### Exercise goal
Leave no picture in, and give every entry again exactly.
** Opening Supplied records block **
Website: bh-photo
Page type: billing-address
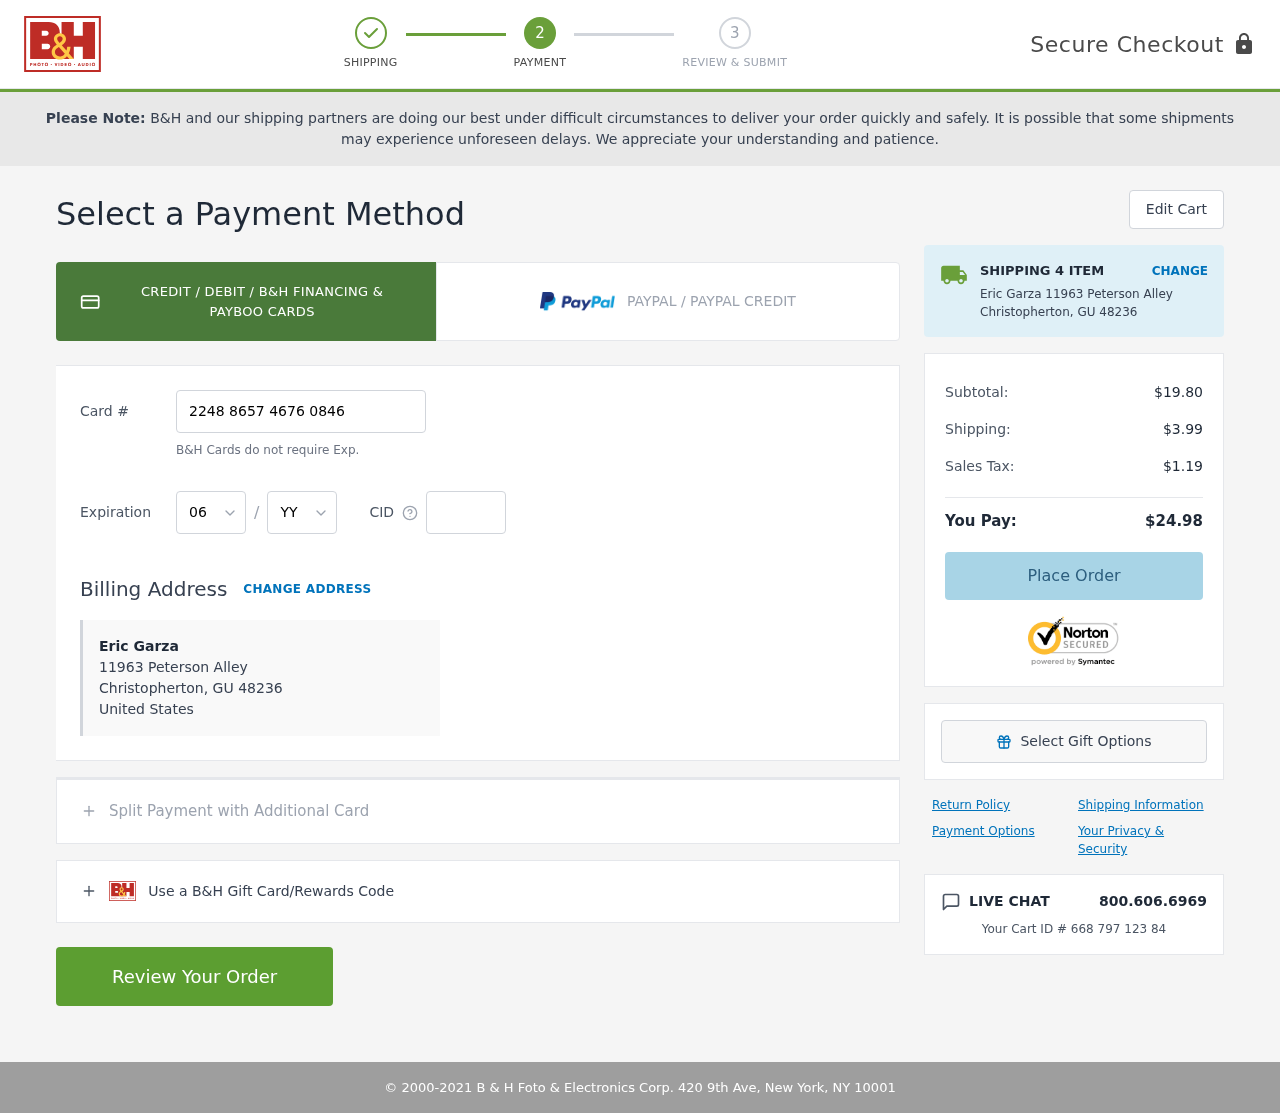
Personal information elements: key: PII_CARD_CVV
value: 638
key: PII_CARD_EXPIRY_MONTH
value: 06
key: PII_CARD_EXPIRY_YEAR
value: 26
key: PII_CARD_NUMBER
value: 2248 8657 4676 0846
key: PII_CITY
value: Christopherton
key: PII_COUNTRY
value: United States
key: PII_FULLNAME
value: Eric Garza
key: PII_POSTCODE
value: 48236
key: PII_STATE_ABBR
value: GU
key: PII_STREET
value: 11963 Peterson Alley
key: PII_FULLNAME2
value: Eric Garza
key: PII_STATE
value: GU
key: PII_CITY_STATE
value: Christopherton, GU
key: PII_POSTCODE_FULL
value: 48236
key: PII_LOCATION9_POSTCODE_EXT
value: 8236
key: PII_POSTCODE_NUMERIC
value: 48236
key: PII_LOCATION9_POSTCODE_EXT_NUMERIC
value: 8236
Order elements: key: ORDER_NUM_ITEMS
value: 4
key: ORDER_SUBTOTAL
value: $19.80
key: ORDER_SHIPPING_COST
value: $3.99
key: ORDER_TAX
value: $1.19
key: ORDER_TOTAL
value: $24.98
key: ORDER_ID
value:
** Closing Supplied records block **
### Solution
Website: bh-photo
Page type: billing-address
Personal information elements: key: PII_CARD_CVV
value: 638
key: PII_CARD_EXPIRY_MONTH
value: 06
key: PII_CARD_EXPIRY_YEAR
value: 26
key: PII_CARD_NUMBER
value: 2248 8657 4676 0846
key: PII_CITY
value: Christopherton
key: PII_COUNTRY
value: United States
key: PII_FULLNAME
value: Eric Garza
key: PII_POSTCODE
value: 48236
key: PII_STATE_ABBR
value: GU
key: PII_STREET
value: 11963 Peterson Alley
key: PII_FULLNAME2
value: Eric Garza
key: PII_STATE
value: GU
key: PII_CITY_STATE
value: Christopherton, GU
key: PII_POSTCODE_FULL
value: 48236
key: PII_LOCATION9_POSTCODE_EXT
value: 8236
key: PII_POSTCODE_NUMERIC
value: 48236
key: PII_LOCATION9_POSTCODE_EXT_NUMERIC
value: 8236
Order elements: key: ORDER_NUM_ITEMS
value: 4
key: ORDER_SUBTOTAL
value: $19.80
key: ORDER_SHIPPING_COST
value: $3.99
key: ORDER_TAX
value: $1.19
key: ORDER_TOTAL
value: $24.98
key: ORDER_ID
value:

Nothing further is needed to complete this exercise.